### EXERCISE PROMPT
Every line of the entries with the word "stroke" in it should be shown.

### DATA EXTRACTS
------------------------------

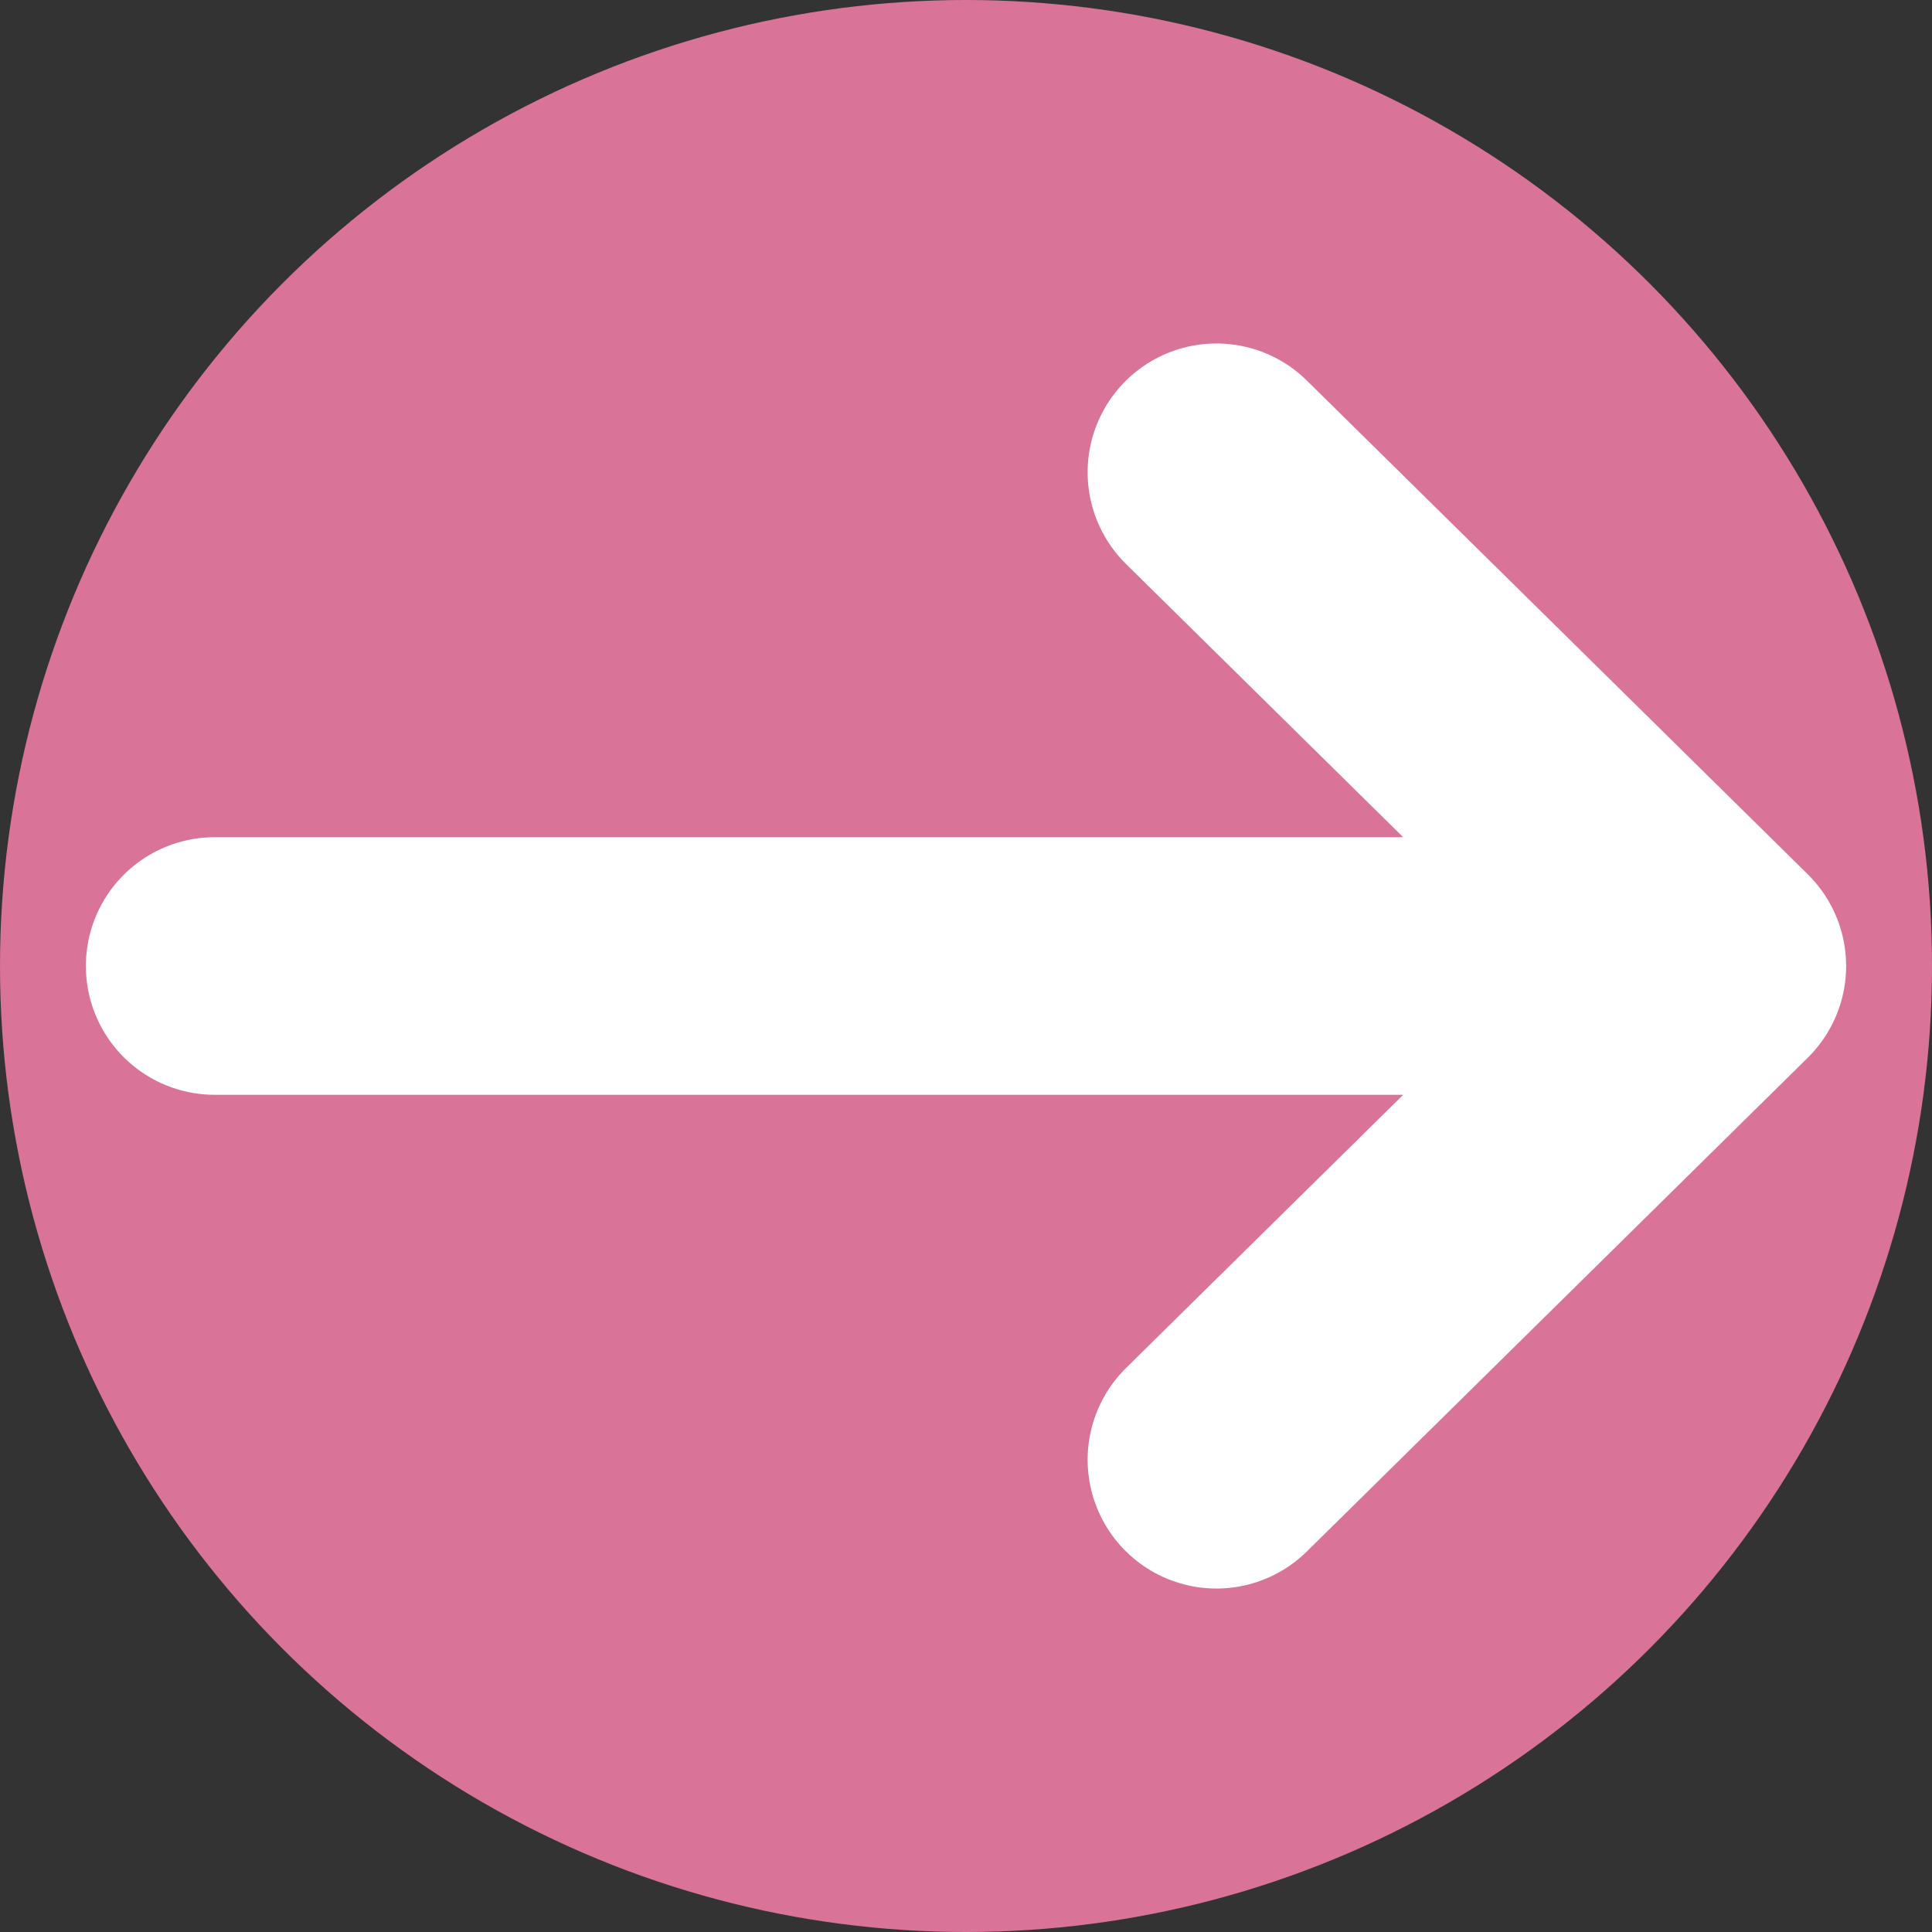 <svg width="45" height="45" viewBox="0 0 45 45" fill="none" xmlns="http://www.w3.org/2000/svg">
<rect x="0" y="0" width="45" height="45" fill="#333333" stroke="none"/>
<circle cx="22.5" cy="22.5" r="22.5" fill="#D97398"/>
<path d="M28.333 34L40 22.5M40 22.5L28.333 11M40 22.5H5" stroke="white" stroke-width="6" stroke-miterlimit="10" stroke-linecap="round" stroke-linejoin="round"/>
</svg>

------------------------------

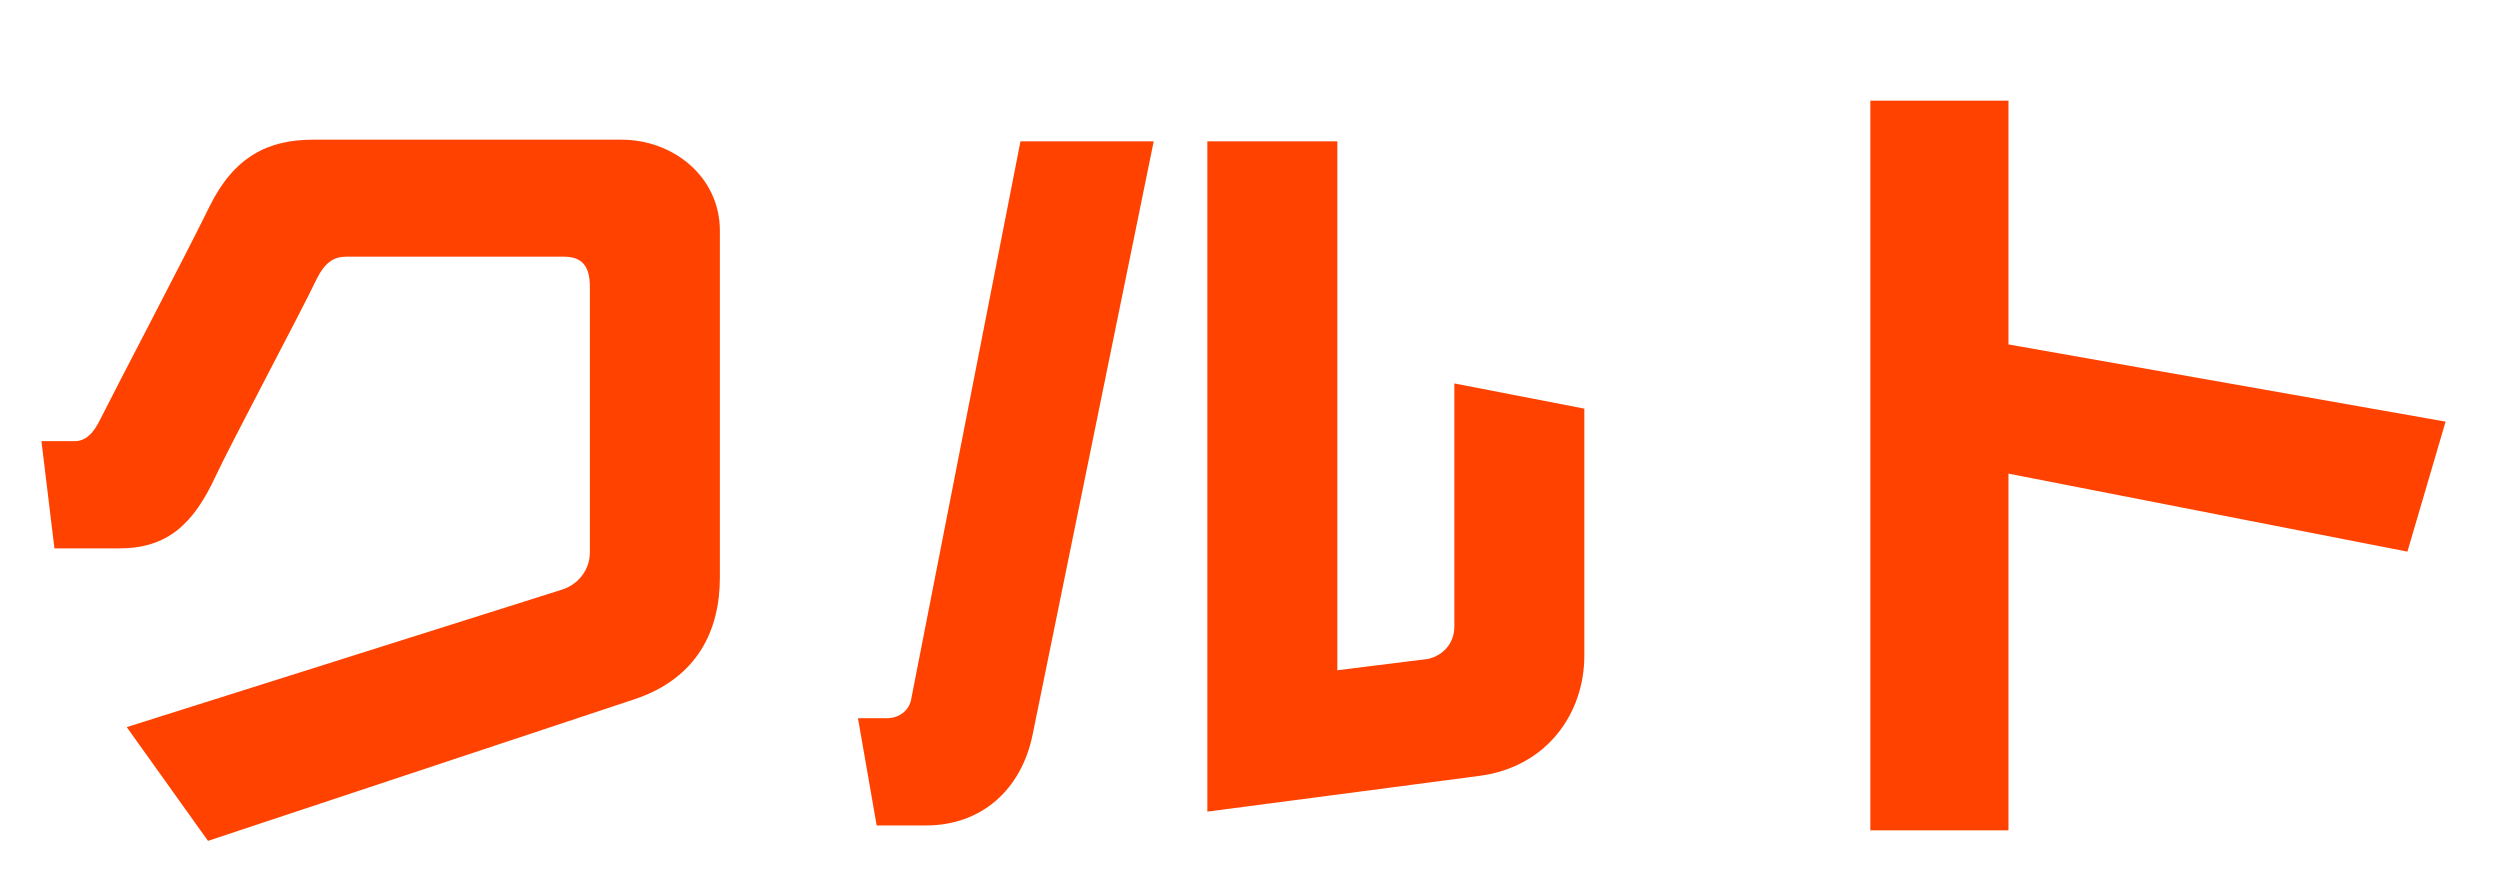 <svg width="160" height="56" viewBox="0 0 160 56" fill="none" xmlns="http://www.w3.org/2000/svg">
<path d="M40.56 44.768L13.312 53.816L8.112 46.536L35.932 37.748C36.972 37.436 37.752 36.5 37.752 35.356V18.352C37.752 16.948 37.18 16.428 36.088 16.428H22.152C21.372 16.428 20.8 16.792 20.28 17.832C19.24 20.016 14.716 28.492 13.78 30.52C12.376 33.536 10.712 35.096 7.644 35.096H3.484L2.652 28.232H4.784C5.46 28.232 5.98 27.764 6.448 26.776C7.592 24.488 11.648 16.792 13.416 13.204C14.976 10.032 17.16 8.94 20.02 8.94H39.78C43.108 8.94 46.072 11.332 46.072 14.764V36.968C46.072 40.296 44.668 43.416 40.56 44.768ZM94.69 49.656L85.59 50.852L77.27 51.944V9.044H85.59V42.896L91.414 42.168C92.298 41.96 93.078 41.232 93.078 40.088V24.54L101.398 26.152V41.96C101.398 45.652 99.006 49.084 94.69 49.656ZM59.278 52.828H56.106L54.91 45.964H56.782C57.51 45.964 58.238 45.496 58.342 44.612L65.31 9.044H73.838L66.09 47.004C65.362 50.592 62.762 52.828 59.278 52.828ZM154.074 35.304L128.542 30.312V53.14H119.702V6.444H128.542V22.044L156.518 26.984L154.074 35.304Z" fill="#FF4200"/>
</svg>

------------------------------

### OUTPUT FOR THIS EXERCISE
<rect x="0" y="0" width="45" height="45" fill="#333333" stroke="none"/>
<path d="M28.333 34L40 22.5M40 22.5L28.333 11M40 22.5H5" stroke="white" stroke-width="6" stroke-miterlimit="10" stroke-linecap="round" stroke-linejoin="round"/>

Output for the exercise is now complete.